▸ ABOUT THIS EXERCISE
Go through the entries below and tally the lines containing the string "time"; report only the tally.

** Opening RECORDS PROVIDED block **

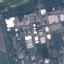
Land use / land cover class: Industrial
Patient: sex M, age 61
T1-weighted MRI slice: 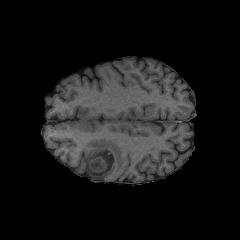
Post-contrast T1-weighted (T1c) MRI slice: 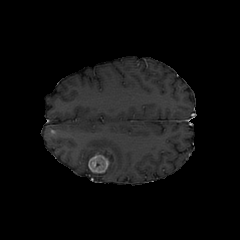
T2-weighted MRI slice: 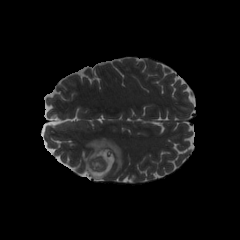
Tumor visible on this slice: yes
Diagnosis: Glioblastoma, IDH-wildtype
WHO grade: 4
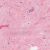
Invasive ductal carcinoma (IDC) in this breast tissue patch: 0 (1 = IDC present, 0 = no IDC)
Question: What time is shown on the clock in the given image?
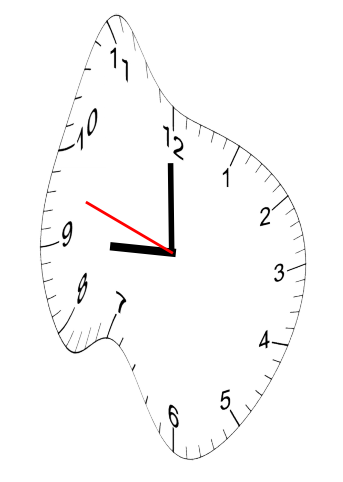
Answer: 08:59:48
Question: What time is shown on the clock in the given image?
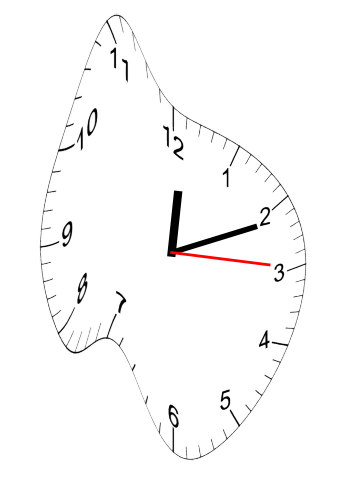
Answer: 12:11:15
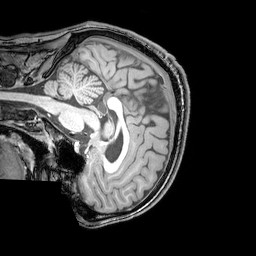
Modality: T1w
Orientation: sagittal
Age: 23
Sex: male
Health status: healthy
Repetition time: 0.081 s
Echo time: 0.037 s
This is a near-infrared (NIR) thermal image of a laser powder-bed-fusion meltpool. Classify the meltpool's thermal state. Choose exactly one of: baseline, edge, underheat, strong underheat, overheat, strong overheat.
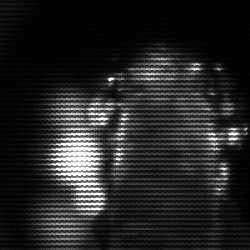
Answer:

** Closing RECORDS PROVIDED block **

▸ EXPECTED ANSWER
4